| Work order |
Omit the pictures, then reproduce every remaining record exactly.

(Collected data entries)
=-=-=
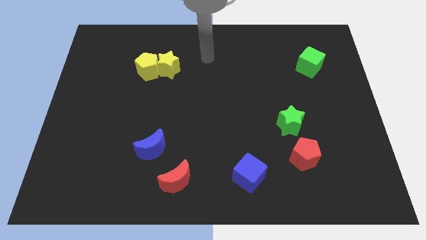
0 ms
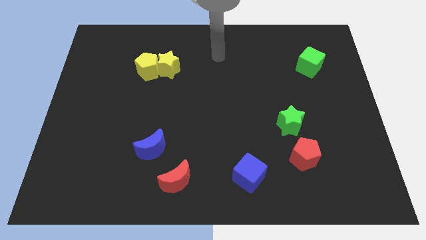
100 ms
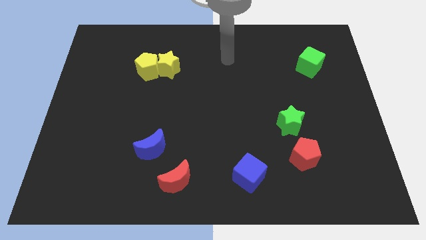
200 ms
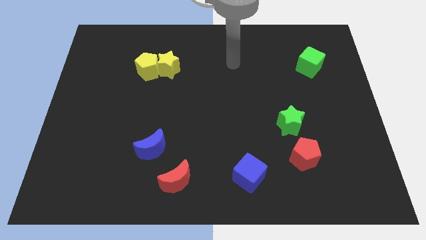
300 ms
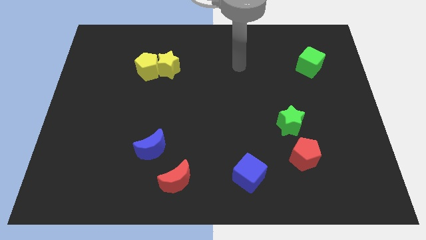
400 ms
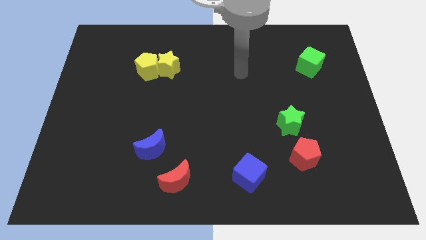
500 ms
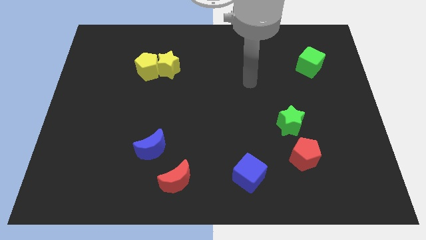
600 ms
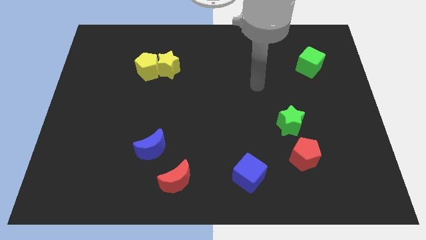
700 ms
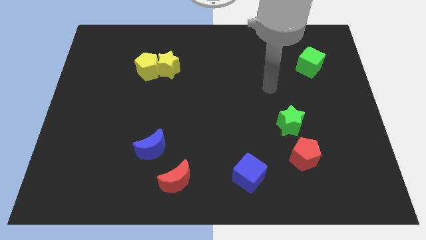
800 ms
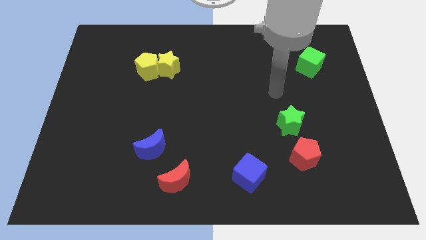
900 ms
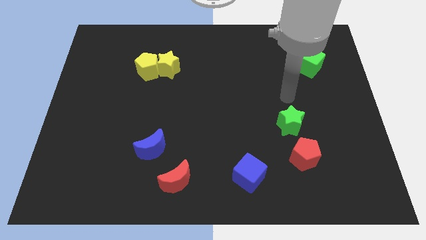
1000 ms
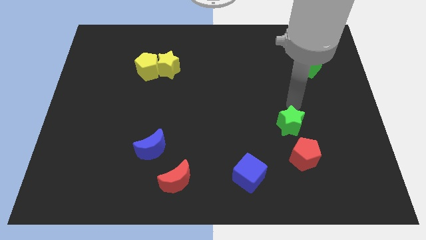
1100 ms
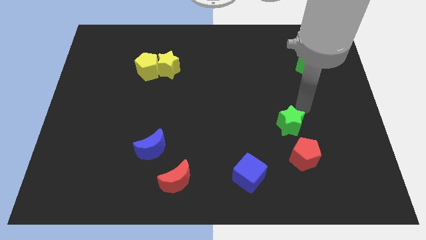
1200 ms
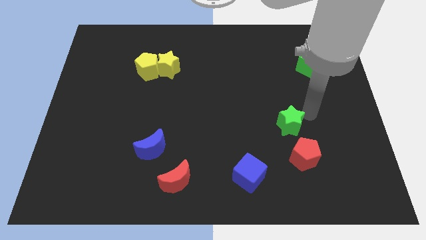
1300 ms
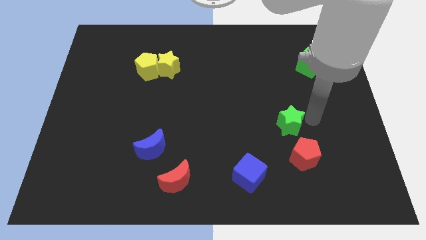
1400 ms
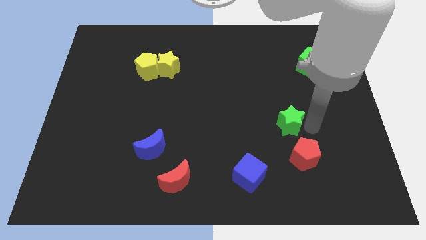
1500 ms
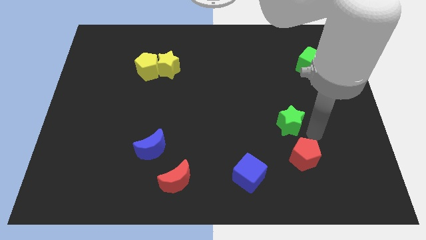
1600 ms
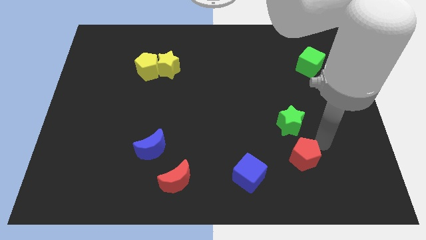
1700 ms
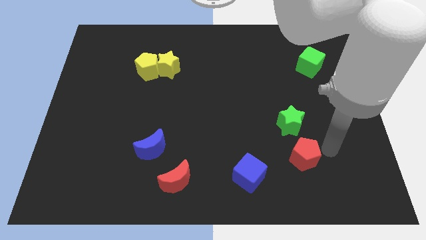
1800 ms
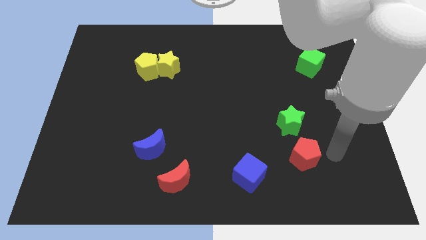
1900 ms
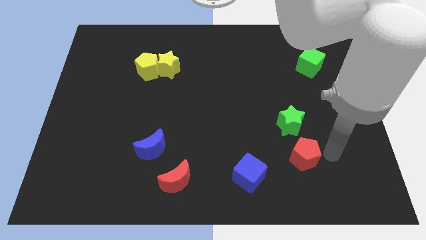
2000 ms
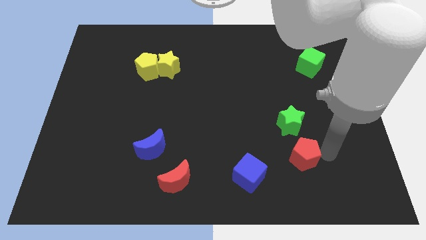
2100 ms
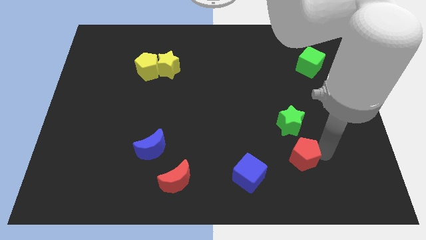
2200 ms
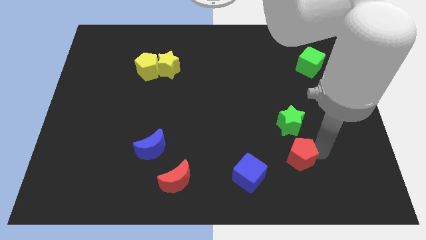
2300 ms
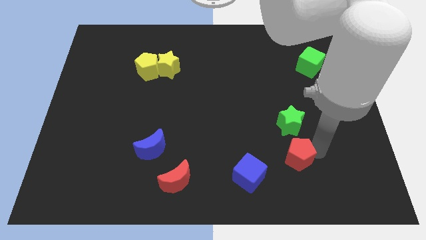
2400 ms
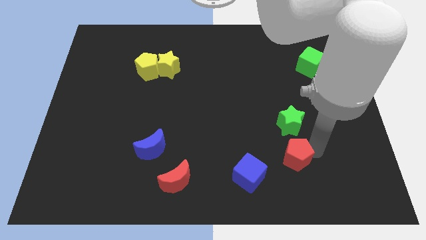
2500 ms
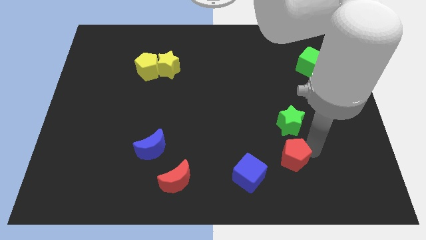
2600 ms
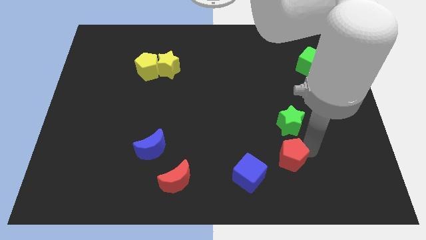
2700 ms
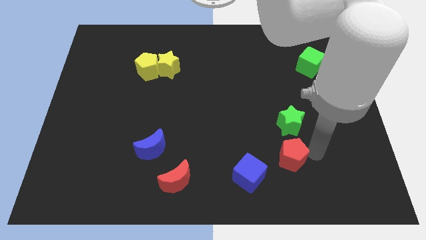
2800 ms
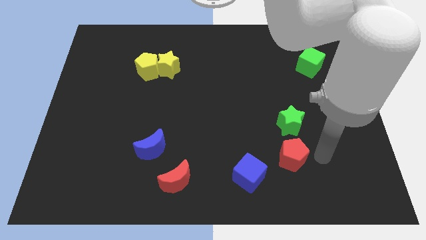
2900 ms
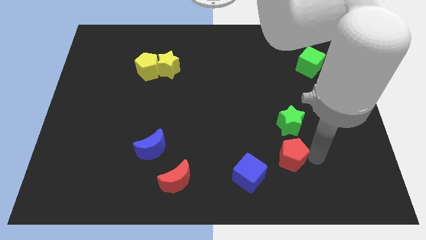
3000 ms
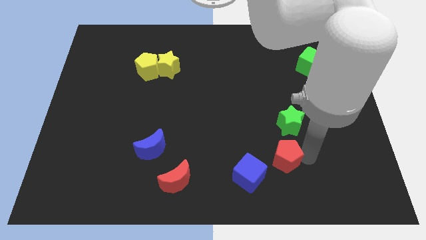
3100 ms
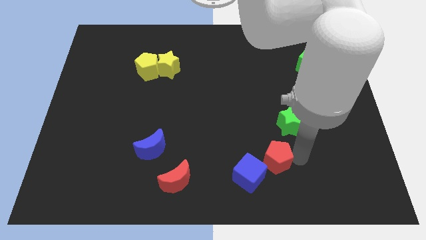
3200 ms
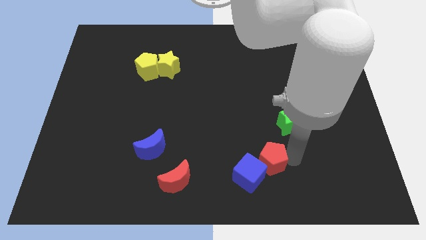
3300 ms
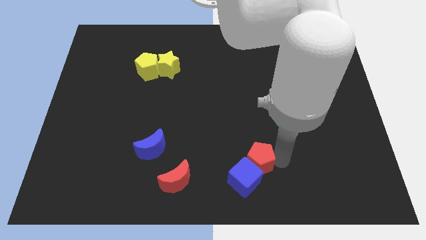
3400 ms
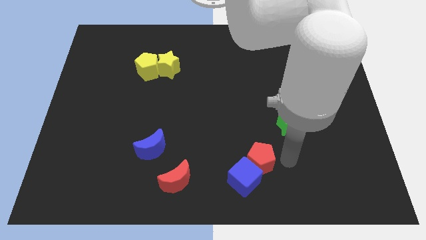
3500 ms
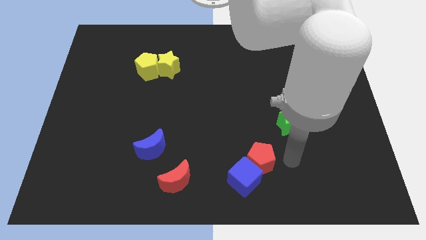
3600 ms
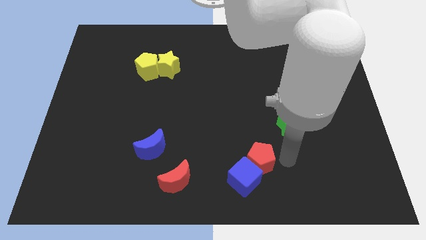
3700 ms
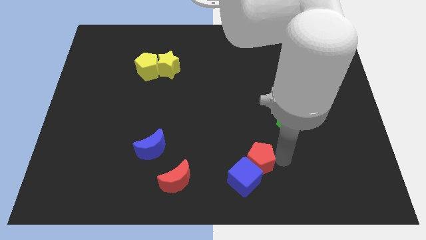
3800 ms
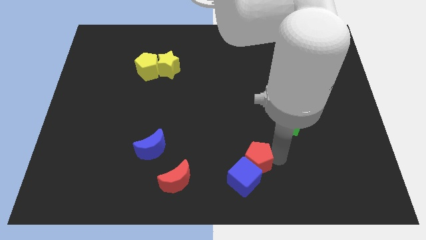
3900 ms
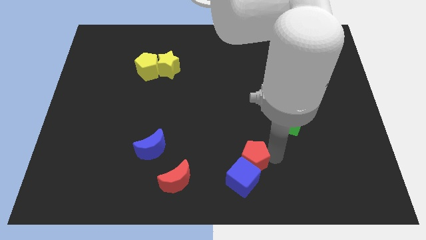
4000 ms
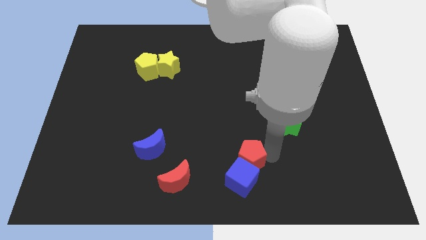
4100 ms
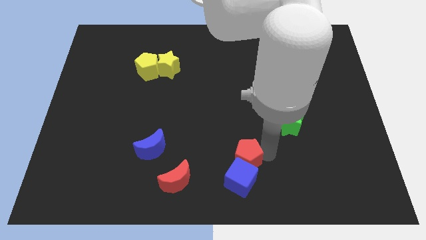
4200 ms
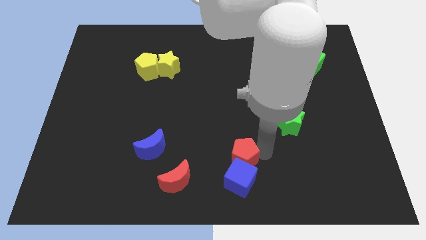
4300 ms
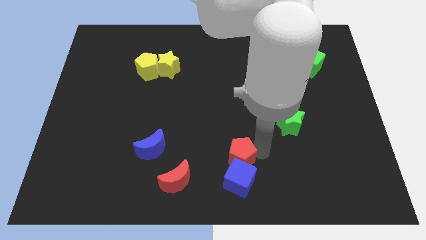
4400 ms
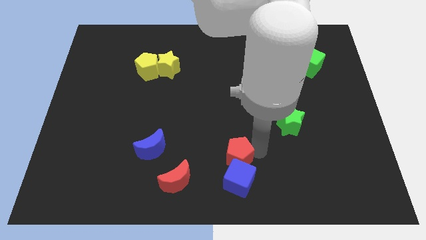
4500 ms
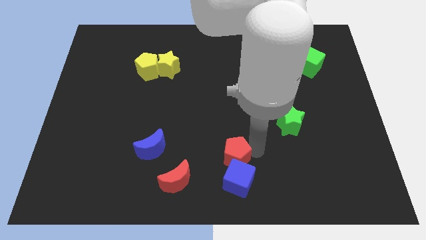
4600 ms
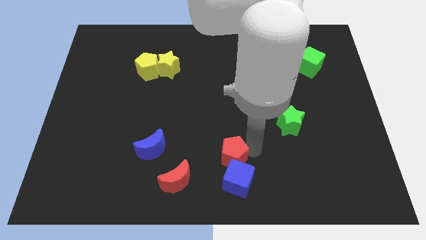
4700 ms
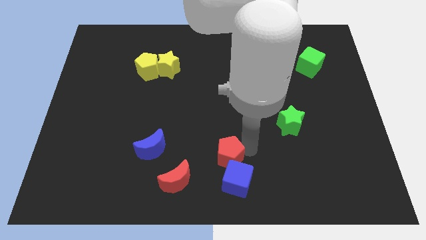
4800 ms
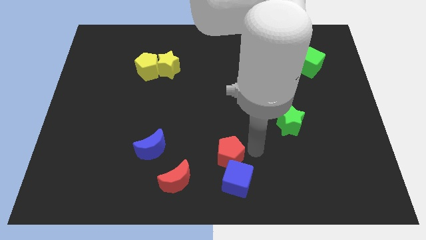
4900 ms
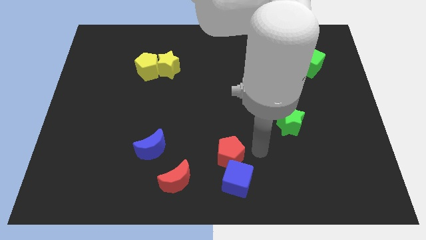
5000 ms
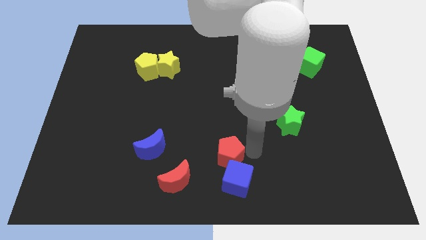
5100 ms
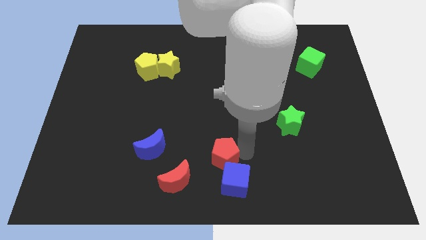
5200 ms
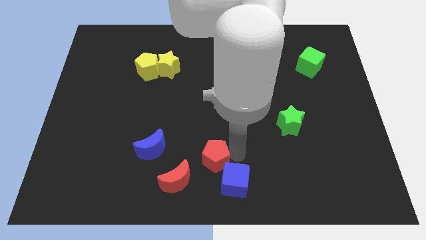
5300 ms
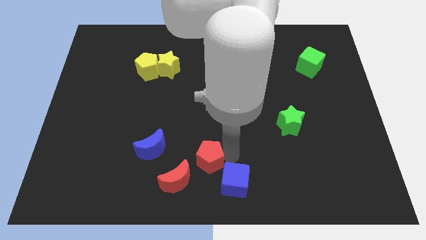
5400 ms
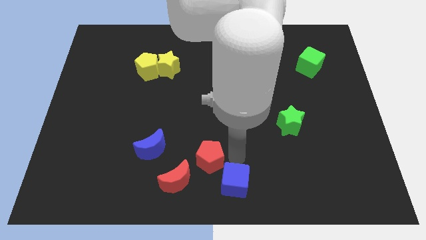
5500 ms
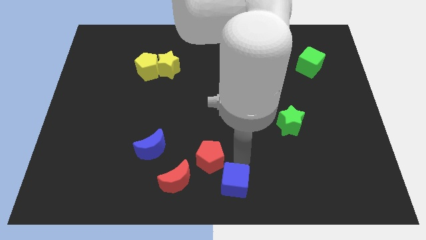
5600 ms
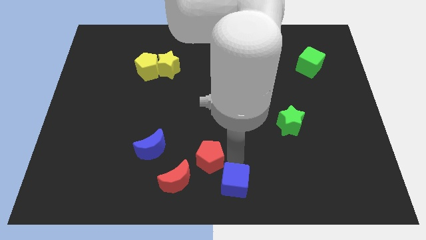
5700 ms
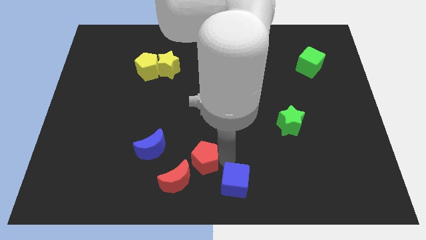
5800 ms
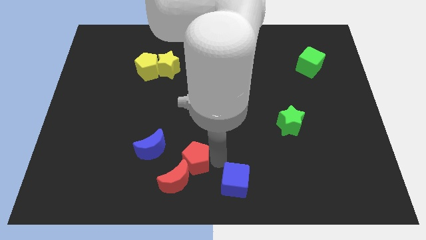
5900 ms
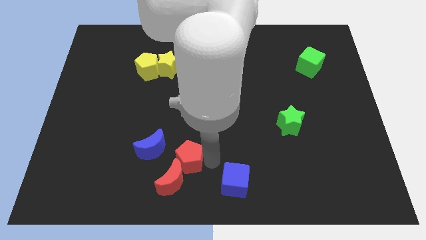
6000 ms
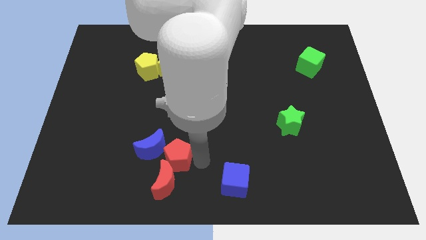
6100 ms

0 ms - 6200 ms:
=-=-=
| Task response |
0 ms
100 ms
200 ms
300 ms
400 ms
500 ms
600 ms
700 ms
800 ms
900 ms
1000 ms
1100 ms
1200 ms
1300 ms
1400 ms
1500 ms
1600 ms
1700 ms
1800 ms
1900 ms
2000 ms
2100 ms
2200 ms
2300 ms
2400 ms
2500 ms
2600 ms
2700 ms
2800 ms
2900 ms
3000 ms
3100 ms
3200 ms
3300 ms
3400 ms
3500 ms
3600 ms
3700 ms
3800 ms
3900 ms
4000 ms
4100 ms
4200 ms
4300 ms
4400 ms
4500 ms
4600 ms
4700 ms
4800 ms
4900 ms
5000 ms
5100 ms
5200 ms
5300 ms
5400 ms
5500 ms
5600 ms
5700 ms
5800 ms
5900 ms
6000 ms
6100 ms

0 ms - 6200 ms:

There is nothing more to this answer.